Christmas smiled at this bald question.
“A hundred,” he replied amiably. “All equally interesting, all equally unlikely to coincide with the facts.”
“Ah!” said Mordby, shaking his large head. “Of course you won't tell me. But I ventured to wonder whether I mightn't be of some service to you, in a purely unofficial way. I suppose I may say, without vanity, that I know as much about abnormal psychology as any man in England. And I've often thought that such a knowledge, helping one as it does to recognize the potential murderer practically at sight, would be invaluable to a student of crime, like yourself.”
“The difficulty is,” said Christmas gravely, “that, to quote your own words, Dr. Mordby, we are all potential murderers.”
“Yes, yes,” said the doctor eagerly. “That is so. But only the student of psychology can gauge theâah! breaking-point of a given individual with anything like accuracy.
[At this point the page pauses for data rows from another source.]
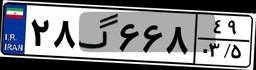
۲۸گ۶۶۸۴۹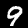
Digit: 9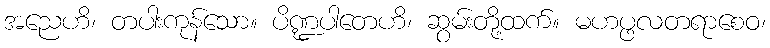
အညေဟိ၊ တပါးကုန်သော။ ပိဏ္ဍပါတေဟိ၊ ဆွမ်းတို့ထက်။ မဟပ္ဖလတရာစေဝ၊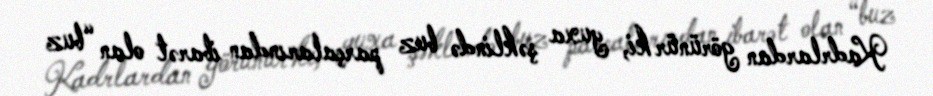
Kadrlardan görünür ki, yuxa şəklində buz parçalarından ibarət olan “buz

I suppose this is hardly the time and place to discuss such a matter....” He looked regretfully towards the door as if he would have liked to lead John off to some more private place. “But I hope to have an opportunity of a talk with you soon. I may say that I have formed a certain opinion, and I shall be interested to see whether events bear me out.”
“Indeed!” Serafine, who had so far made a silent third in the group, suddenly joined in. A little surprised at her incisive tone, John glanced at her and saw that her cheeks were flushed and her eyes unusually hard and bright. “Won't you give us your opinion, Dr. Mordby, and let us share the interest?”
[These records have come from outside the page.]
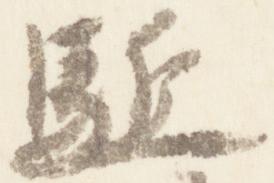
駈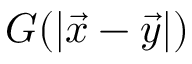
G ( | \vec { x } - \vec { y } | )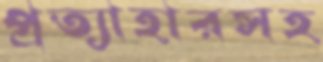
প্রত্যাহারসহ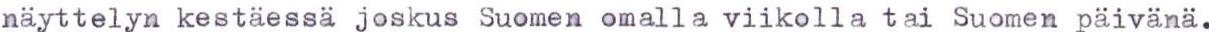
näyttelyn kestäessa joskus Suomen omalla viikolla tai Suomen päivänä.

Mordby put his head on one side and disclosed a row of even white teeth and one gold one in a whimsical, consciously charming smile.
“I hardly feel that such a gruesome subject of discussion is appropriate to these charming surroundings.”
“What does it matter?” said Serafine, still in that hard, light tone. “It isn't a personal affair. The murderer, whoever he may be, isn't a friend of ours. Why not discuss him?”
She laughed. John, who knew her so well, could not understand her in this mood.
“I hope you don't think I did it, Dr. Mordby,” she went on flippantly. “In that case, I would much rather you kept your theory to yourself. I don't want to have John sleuthing me all over London. It would quite spoil our old friendship.”
“My dear Miss Wimpole,” replied Mordby, smiling, “as I told you last night, your potentiality for murder, or in fact any violent act, is extremely low. I can hardly imagine the circumstances in which so well co-ordinated a mind as yours would reach breaking-point.”